Foreigners are dying so tragically and taking their innocent children along with them. On Thursday 13th September 2012, a 33-year-old woman from China and her 6-month-old daughter fell to their deaths from a 25th storey flat in Sengkang.  And there have been other foreigners who have come here and committed suicide. Are all this tragedies good for Singapore’s reputation, PM Lee?

In fact, one of the best ways to de-stigmatize mental illness is to talk about it openly. And if the Govt. is willing to address these issues rationally and come up with solutions that can help the mentally ill and their caregivers lead normal lives, then the perception of society towards people with mental illness will change for the better because the Govt. "leads by example". But if mental health issues are avoided, then all efforts to de-stigmatize mental illness will fail.  

And by not wanting to touch on mental illness, the Govt. will be doing a great injustice to the mentally ill and their caregivers who are also citizens of this land- and there are many in this group.

Good public relations vital for a cohesive society

I have answered the call by Education Minister Heng Swee Keat and his team to participate in this National Conversation programme, but I am treated like a “nobody.”

In the end I had to end up writing to the press to explain why effective communication is vital in building a good image of the Government.

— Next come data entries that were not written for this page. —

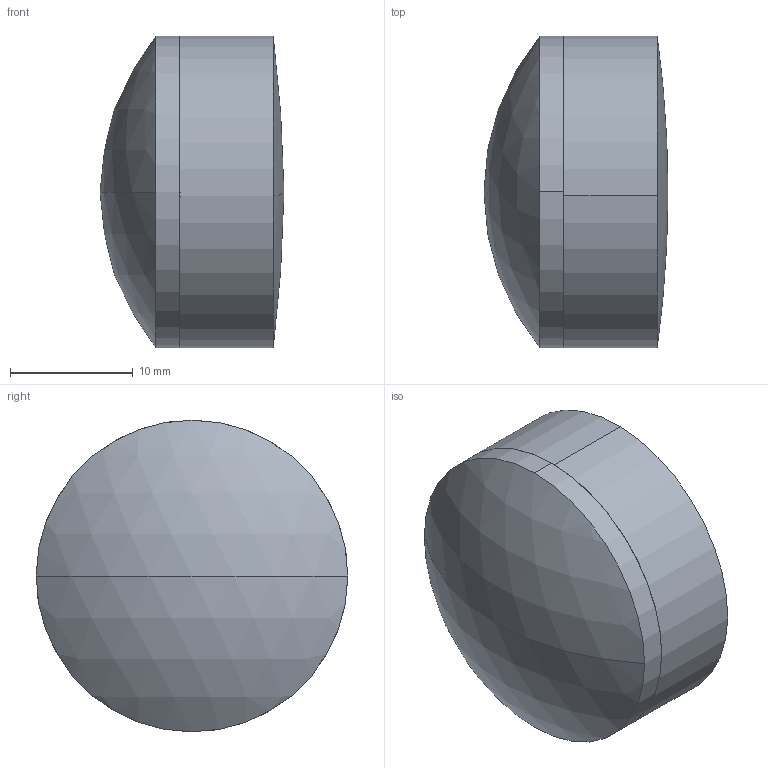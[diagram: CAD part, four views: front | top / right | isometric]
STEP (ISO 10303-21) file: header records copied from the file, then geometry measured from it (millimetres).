
FILE_DESCRIPTION (( 'STEP AP203' ), '1' );
FILE_NAME ('145275.STEP', '2024-05-11T05:52:13', ( '' ), ( '' ), 'SwSTEP 2.0', 'SolidWorks 2020', '' );
FILE_SCHEMA (( 'CONFIG_CONTROL_DESIGN' ));
Length unit declared in the file: millimetre
Products named in the file (1): 145275
Bounding box: 15 x 25.4 x 25.4 mm (x, y, z)
Volume: 6279 mm3; surface area: 3048.3 mm2
Topology: 2 solids, 2 shells, 12 faces, 28 edges, 20 vertices
Faces by surface type: sphere 8, cylinder 4
Entity records: 443 total; most frequent: DIRECTION 78, CARTESIAN_POINT 61, ORIENTED_EDGE 56, AXIS2_PLACEMENT_3D 37, EDGE_CURVE 28, CIRCLE 24, VERTEX_POINT 20, FACE_OUTER_BOUND 12

Take a look at the said letter:

I am not hopeful that the Government will respond positively to this, but I must try.

At the end of the day, effective communication helps to build trust and consensus – key points which I documented in this letter to the press.

When I wrote another letter to the press on how we can build good neighbourliness, answering the call by Law Minister Shanmugam who will work out the legal framework on anti-social behaviour, Dr Vivian Balakrishnan replied to me almost immediately. I was impressed with his good PR skills. Dr Vivian did not view my letter to the press as a complaint, but rather as useful feedback to improve the lives of all our citizens.  I commend him as a good Cabinet Minister who sees the importance of communicating effectively.

Do read the said letter:

Prime Minister Lee, although you have assured all Singaporeans that through the national conversation programme, you would "leave no stone unturned" and that “no one will be left behind”, I don’t see this happening.  You are indeed leaving many behind.

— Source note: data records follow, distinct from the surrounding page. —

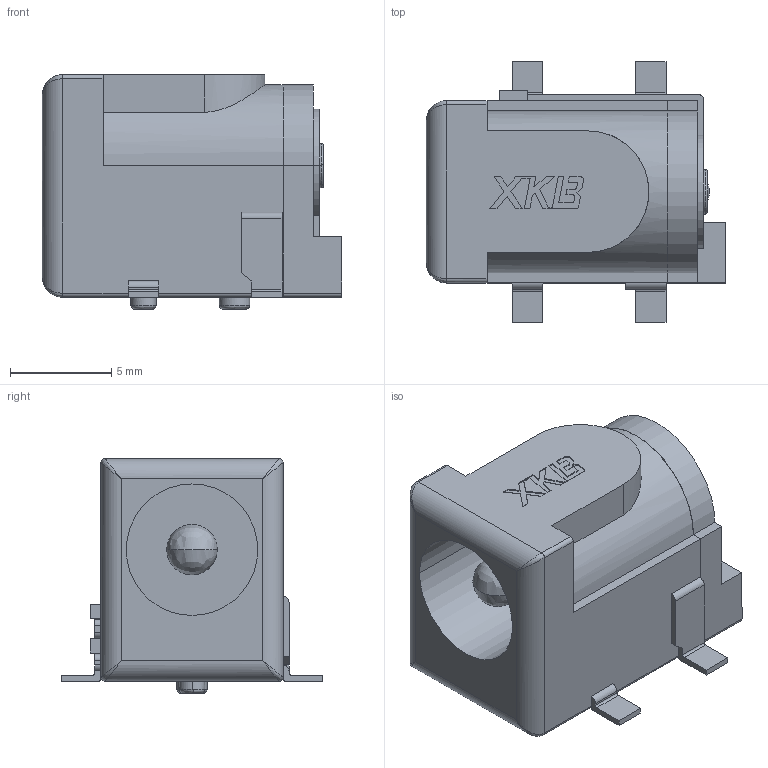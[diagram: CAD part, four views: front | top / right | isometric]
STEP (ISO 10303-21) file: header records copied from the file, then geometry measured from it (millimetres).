
FILE_DESCRIPTION (( 'STEP AP214' ), '1' );
FILE_NAME ('DC-005-2.5A-2.5-SMT.STEP', '2022-03-07T06:35:27', ( '微软用户' ), ( '微软中国' ), 'SwSTEP 2.0', 'SolidWorks 2017', '' );
FILE_SCHEMA (( 'AUTOMOTIVE_DESIGN' ));
Length unit declared in the file: millimetre
Products named in the file (1): DC-005-2.5A-2.5-SMT
Bounding box: 14.8 x 12.9 x 11.6 mm (x, y, z)
Volume: 1003.6 mm3; surface area: 1148.2 mm2
Topology: 2 solids, 2 shells, 250 faces, 670 edges, 437 vertices
Faces by surface type: plane 171, cylinder 51, bspline 26, torus 2
Entity records: 11024 total; most frequent: CARTESIAN_POINT 2722, ORIENTED_EDGE 1332, DIRECTION 1175, EDGE_CURVE 666, VECTOR 505, LINE 505, VERTEX_POINT 437, AXIS2_PLACEMENT_3D 335

I have been in PR for more than 10 years, handled all kinds of people, including VVIPS that included former German Chancellor Helmut Schmidt and politicians like the late JBJ Jeyaratnam.

I have handled customers who are extremely difficult, and in the process I have seen “the good, the bad and the ugly”. But I learnt so much – so much that it helps me to better manage my wife’s schizophrenia illness for 37 years; counting. And I want to share these experiences so that we can help our people living here stay resilient during any crisis.

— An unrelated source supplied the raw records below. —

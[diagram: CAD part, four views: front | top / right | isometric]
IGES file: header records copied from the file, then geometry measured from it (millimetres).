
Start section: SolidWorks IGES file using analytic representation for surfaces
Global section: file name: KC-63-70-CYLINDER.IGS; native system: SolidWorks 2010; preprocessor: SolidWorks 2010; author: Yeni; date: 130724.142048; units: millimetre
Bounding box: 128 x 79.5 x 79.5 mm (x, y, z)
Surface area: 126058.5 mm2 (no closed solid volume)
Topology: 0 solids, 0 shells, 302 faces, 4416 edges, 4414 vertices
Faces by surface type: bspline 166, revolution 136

Will you, PM Lee give me that opportunity so that we can save and reclaim EVERY life?

On Friday as I was bringing my wife home in a taxi after her medical appointment at Tan Tock Seng Hospital, a young Chinese taxi driver, and he was pretty well educated, told us that in the army, soldiers are told by their commanders to obey and not question. And that when the Government brings in such commanders, the same principle applies- “You obey and don’t question.” You can’t do that in today’s society where technology is so advanced.

I agree with you, PM Lee that continuous learning in a globalised world is so necessary.  So, even you as a Prime Minister and your young inexperienced ministers can learn some good PR skills  and on mental health issues from a “nobody” like me who has “tasted salt.”  If the national conversation programme can be well executed with no one left out, the PAP will be able to secure a better standing in the next GE. If it does not, it will lose more votes, and that’s my very frank view.

Thank you, and I hope to see the winds of change. Have a nice day, one and all!


Raymond Anthony Fernando Someone who shows compassion and empathy and is willing to discuss matters on any subjects no matter how thorny the issues are.